→ What you should do
When you reach the line that contains "34.381C18.316 33.391 19.063" in the data below, start reproducing lines exactly, and stop after the line that contains "12.427C14.587 12.427 9.396".

→ Exercise input
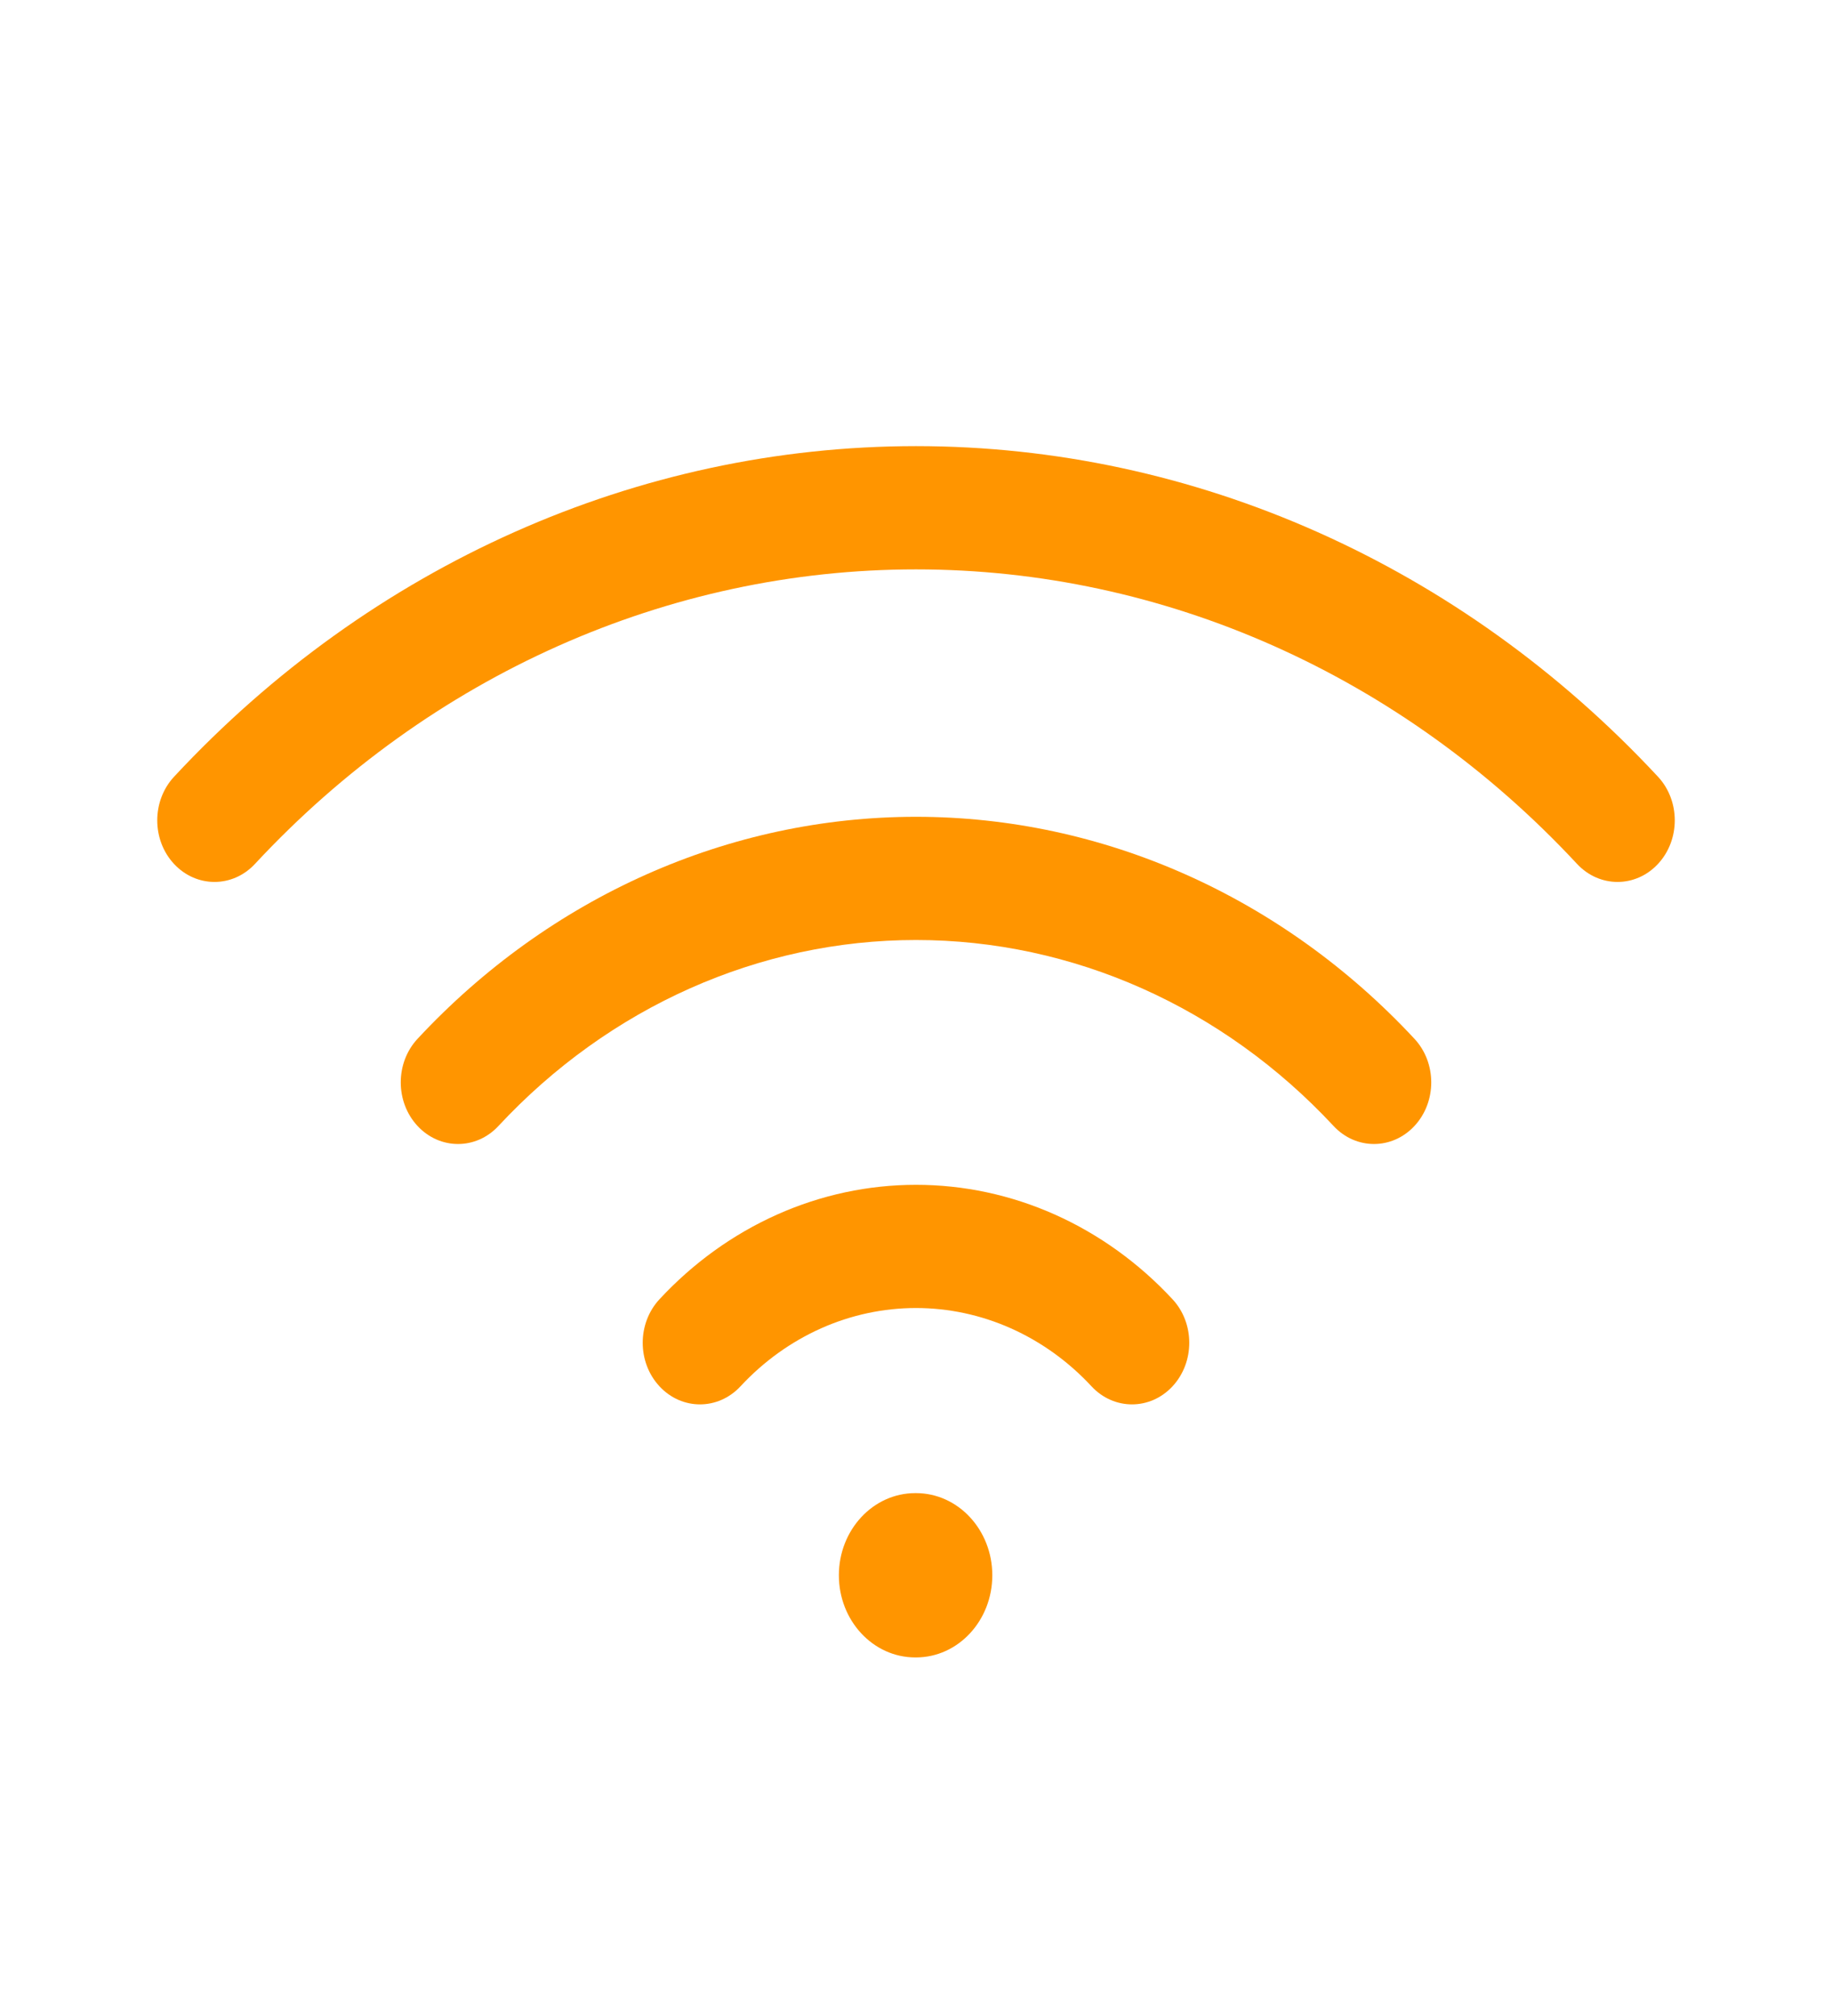 <svg width="40" height="44" viewBox="0 0 40 44" fill="none" xmlns="http://www.w3.org/2000/svg">
<path fill-rule="evenodd" clip-rule="evenodd" d="M18.316 34.381C18.316 33.391 19.063 32.588 19.983 32.588H20C20.92 32.588 21.666 33.391 21.666 34.381C21.666 35.371 20.92 36.174 20 36.174H19.983C19.063 36.174 18.316 35.371 18.316 34.381Z" fill="#FF9500"/>
<path fill-rule="evenodd" clip-rule="evenodd" d="M20 20.516C16.581 20.516 13.302 21.976 10.883 24.575C10.395 25.1 9.604 25.099 9.116 24.574C8.628 24.049 8.628 23.197 9.117 22.672C12.004 19.57 15.919 17.827 20 17.827C24.081 17.827 27.996 19.57 30.883 22.672C31.372 23.197 31.372 24.049 30.884 24.574C30.396 25.099 29.605 25.1 29.117 24.575C26.698 21.976 23.419 20.516 20 20.516Z" fill="#FF9500"/>
<path fill-rule="evenodd" clip-rule="evenodd" d="M20 12.427C14.587 12.427 9.396 14.739 5.567 18.855C5.079 19.38 4.288 19.38 3.799 18.855C3.311 18.33 3.312 17.478 3.8 16.953C8.097 12.333 13.924 9.737 20 9.737C26.076 9.737 31.903 12.333 36.201 16.953C36.689 17.478 36.689 18.33 36.201 18.855C35.713 19.38 34.922 19.38 34.433 18.855C30.605 14.739 25.413 12.427 20 12.427Z" fill="#FF9500"/>
<path fill-rule="evenodd" clip-rule="evenodd" d="M20 28.548C19.288 28.548 18.583 28.699 17.926 28.992C17.268 29.286 16.671 29.715 16.168 30.257C15.68 30.782 14.888 30.783 14.4 30.258C13.911 29.733 13.911 28.882 14.399 28.357C15.134 27.565 16.007 26.937 16.968 26.508C17.929 26.079 18.959 25.859 20 25.859C21.04 25.859 22.07 26.079 23.032 26.508C23.992 26.937 24.866 27.565 25.601 28.357C26.089 28.882 26.088 29.733 25.6 30.258C25.111 30.783 24.32 30.782 23.832 30.257C23.329 29.715 22.732 29.286 22.074 28.992C21.417 28.699 20.712 28.548 20 28.548Z" fill="#FF9500"/>
</svg>

→ Output for this exercise
<path fill-rule="evenodd" clip-rule="evenodd" d="M18.316 34.381C18.316 33.391 19.063 32.588 19.983 32.588H20C20.92 32.588 21.666 33.391 21.666 34.381C21.666 35.371 20.92 36.174 20 36.174H19.983C19.063 36.174 18.316 35.371 18.316 34.381Z" fill="#FF9500"/>
<path fill-rule="evenodd" clip-rule="evenodd" d="M20 20.516C16.581 20.516 13.302 21.976 10.883 24.575C10.395 25.1 9.604 25.099 9.116 24.574C8.628 24.049 8.628 23.197 9.117 22.672C12.004 19.57 15.919 17.827 20 17.827C24.081 17.827 27.996 19.57 30.883 22.672C31.372 23.197 31.372 24.049 30.884 24.574C30.396 25.099 29.605 25.1 29.117 24.575C26.698 21.976 23.419 20.516 20 20.516Z" fill="#FF9500"/>
<path fill-rule="evenodd" clip-rule="evenodd" d="M20 12.427C14.587 12.427 9.396 14.739 5.567 18.855C5.079 19.38 4.288 19.38 3.799 18.855C3.311 18.33 3.312 17.478 3.8 16.953C8.097 12.333 13.924 9.737 20 9.737C26.076 9.737 31.903 12.333 36.201 16.953C36.689 17.478 36.689 18.33 36.201 18.855C35.713 19.38 34.922 19.38 34.433 18.855C30.605 14.739 25.413 12.427 20 12.427Z" fill="#FF9500"/>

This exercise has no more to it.